A model that incorporates a pseudo-random process controlled by mechanical rules of fracturing is used to generate 3D orthogonal joint networks in tabular stratified aquifers. The results presented here assume that two sets of fractures, each with different conductivities, coexist. This is the case in many aquifers or petroleum reservoirs that contain sets of fractures with distinct hydraulic properties related to each direction of fracturing. Constant rate pump-tests from partially penetrating wells are simulated in synthetic networks. The transient head response is analyzed using the type curve approach and plots, as a function of time, of pressure propagation in the synthetic network are shown. The hydrodynamic response can result in a pressure transient that is similar to a dual-porosity behavior, even though such an assumption was not made a priori. We show in this paper that this dual porosity like flow behavior is, in fact, related to the major role of the network connectivity, especially around the well, and to the aperture contrast between the different families of fractures that especially affects the earlier hydrodynamic response.

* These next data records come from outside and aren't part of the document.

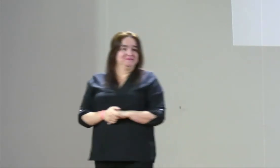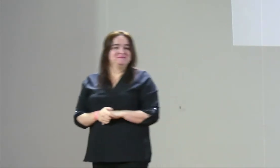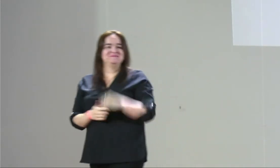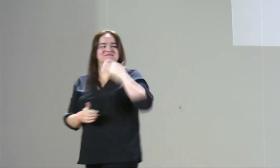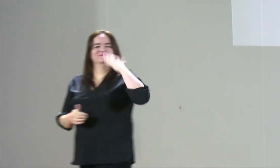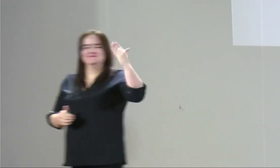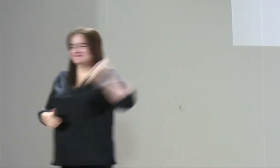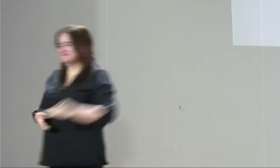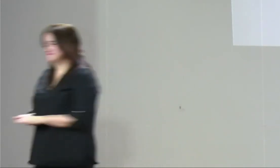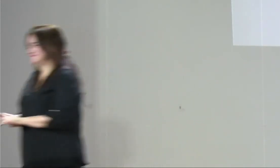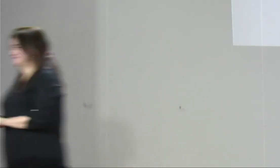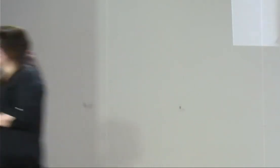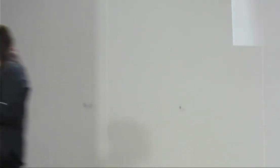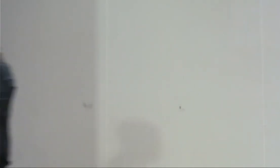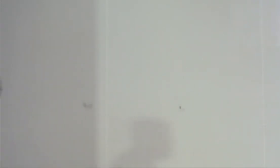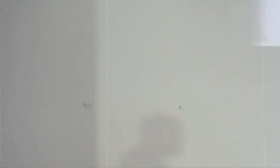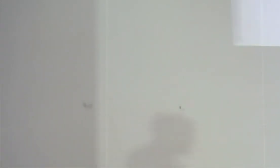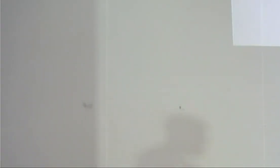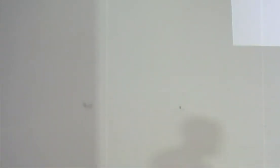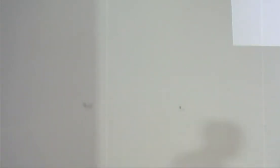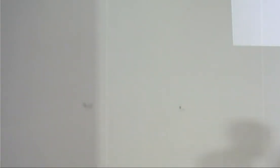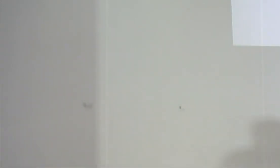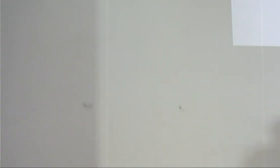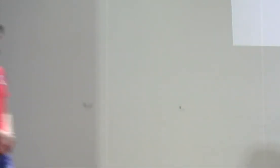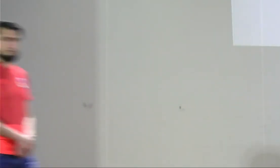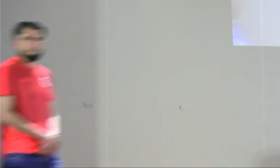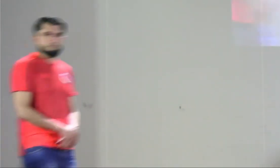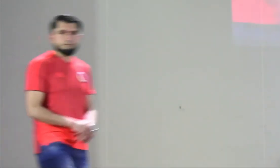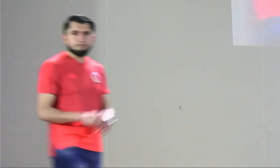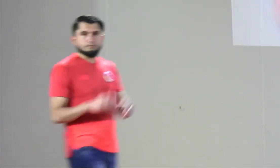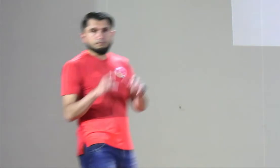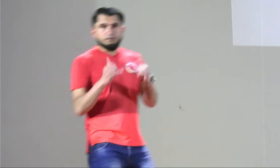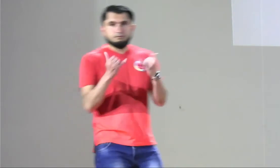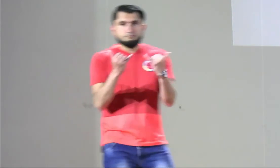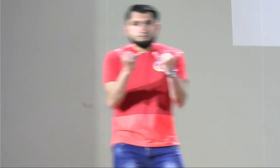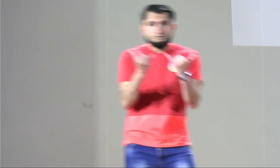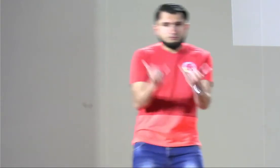no puedo planificar por esto o por esto o por lo otro y llegar a un mutuo acuerdo, él también debe planificar.
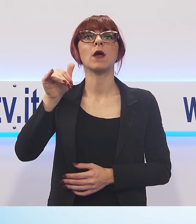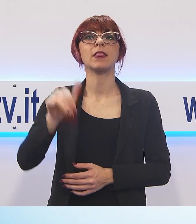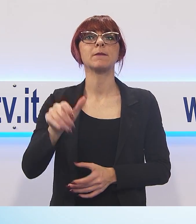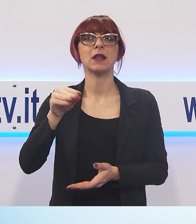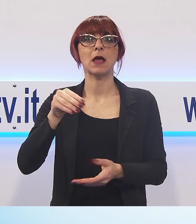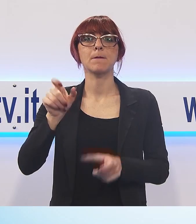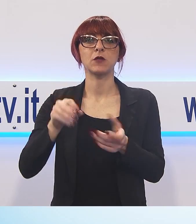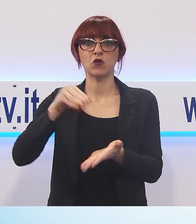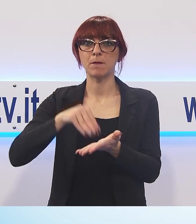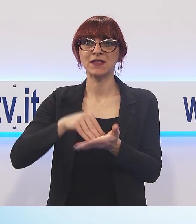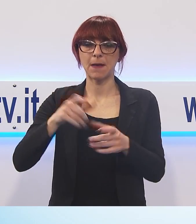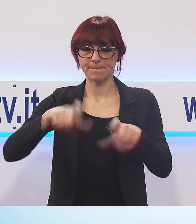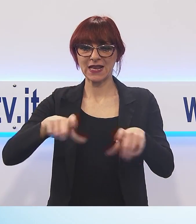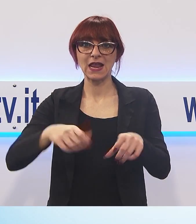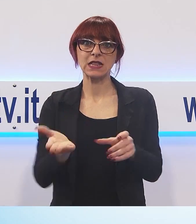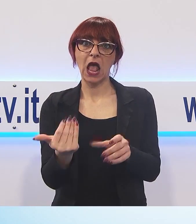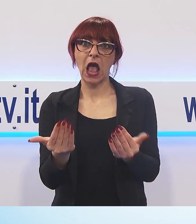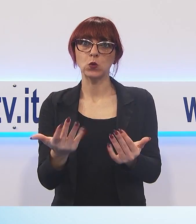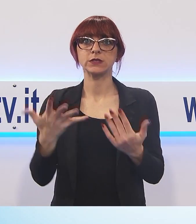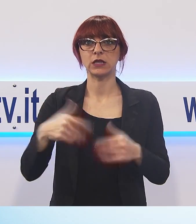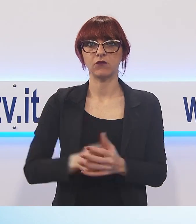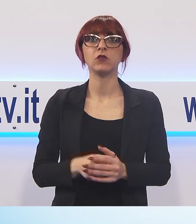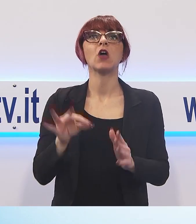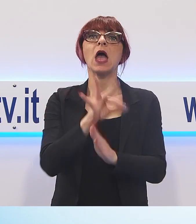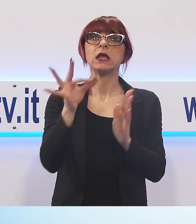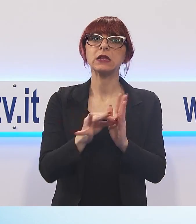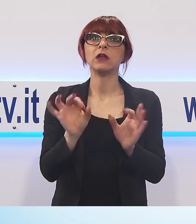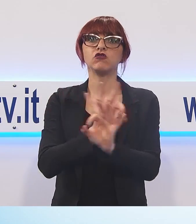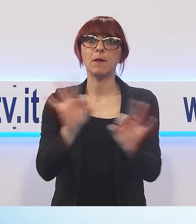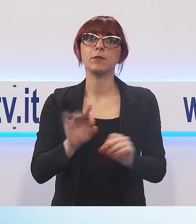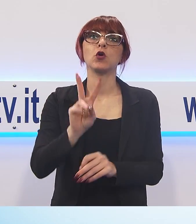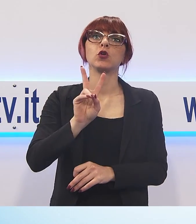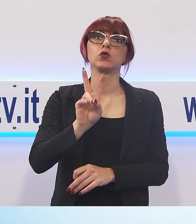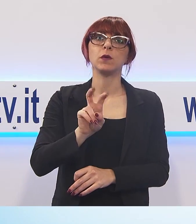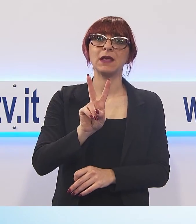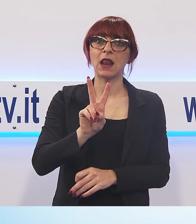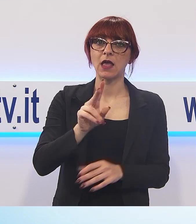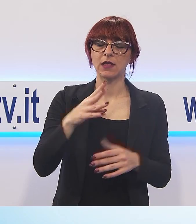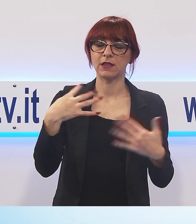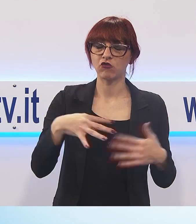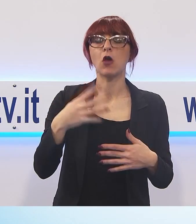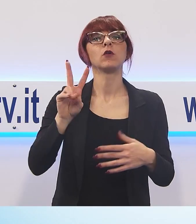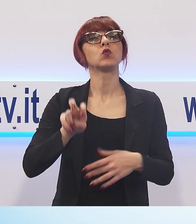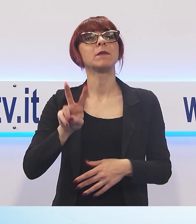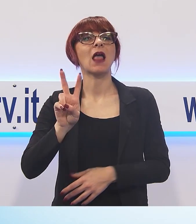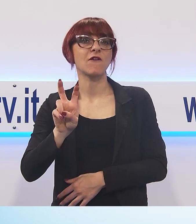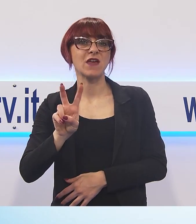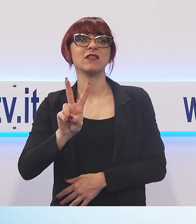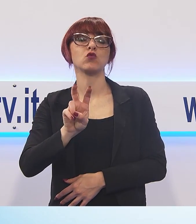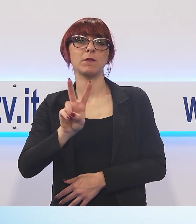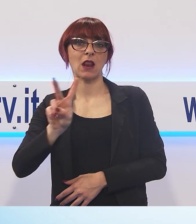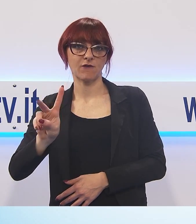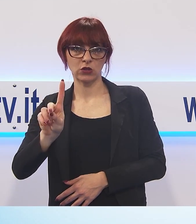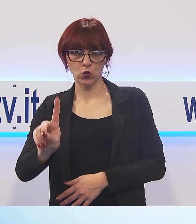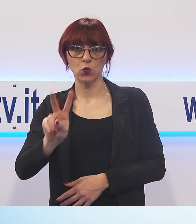le date, oltre che per il 2019, anche per il 2020, 2021 e 2022, avranno sempre il ponte con
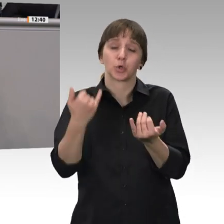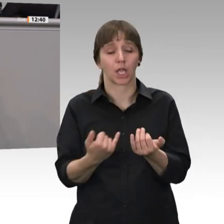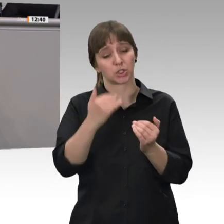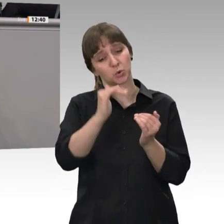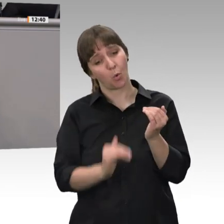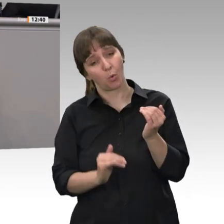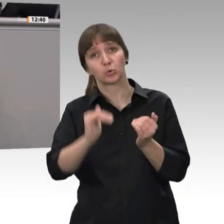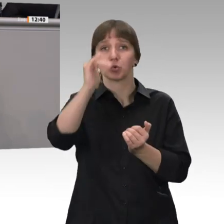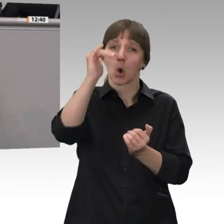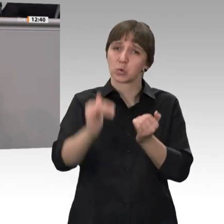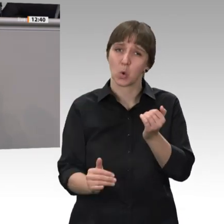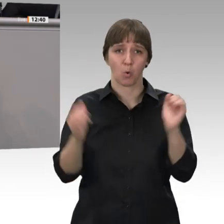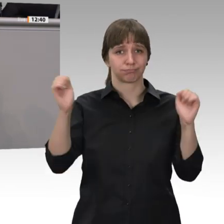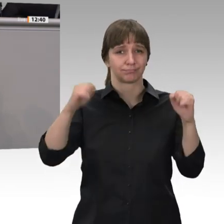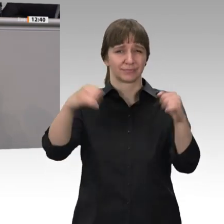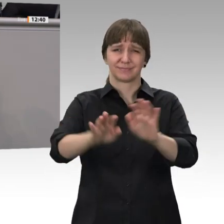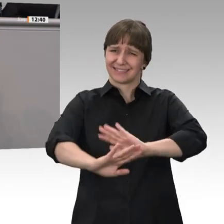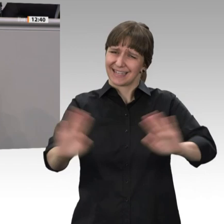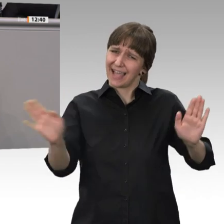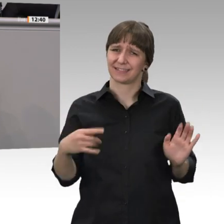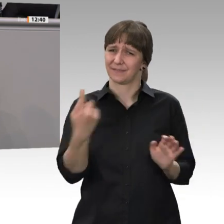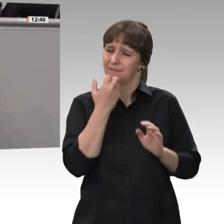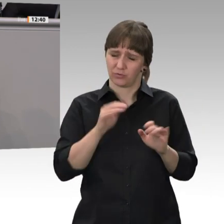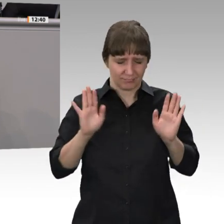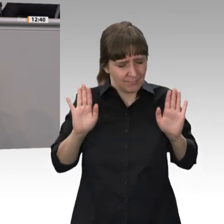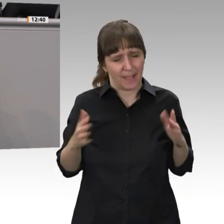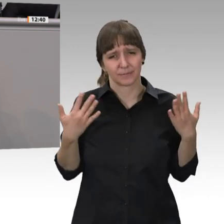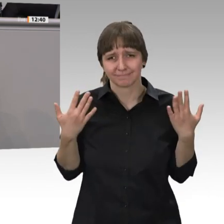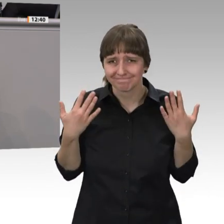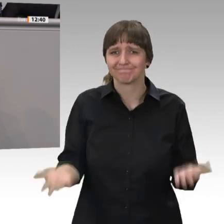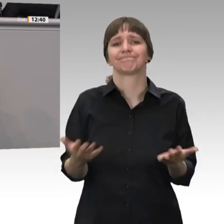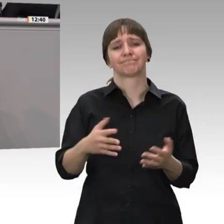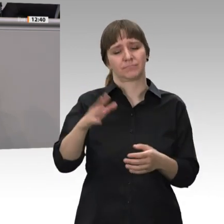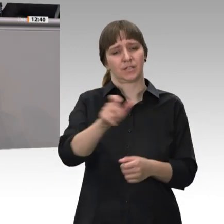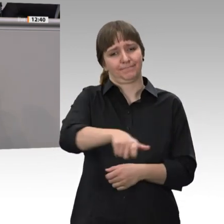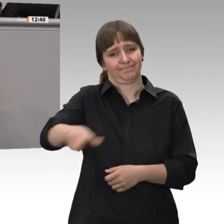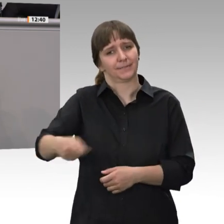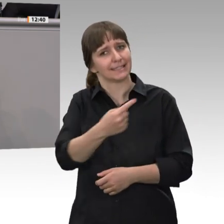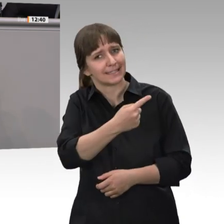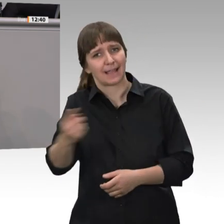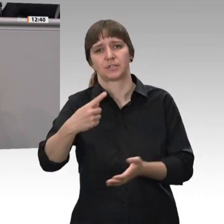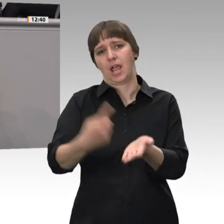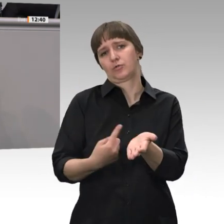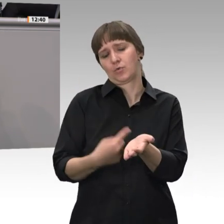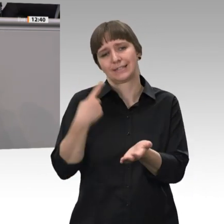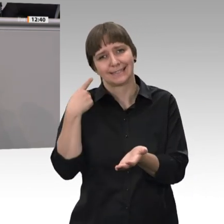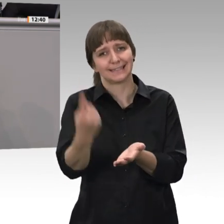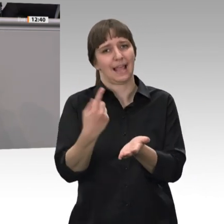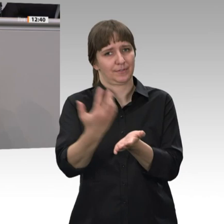wir wollen daran festhalten, dass die Arbeitnehmerinnen und Arbeitnehmer einen selbst erworbenen, unverbrüchlichen Anspruch an die Rentenversicherung und ihre

Flow characteristics that may be interpreted as a dual porosity flow behavior are thus related to a lateral heterogeneity (large fracture or small fault). Accordingly, when a dual porosity model matches well test data, the resulting reservoir parameters can be erroneous because of the model assumptions basis that are not necessarily verified. Finally, it is shown both on simulated data and well test data that such confusion in the interpretation of the flow behavior can easily occur. Well test data from a single well must therefore be used cautiously to assess the flow properties of fractured reservoirs with lateral heterogeneities such as large fractures or small faults.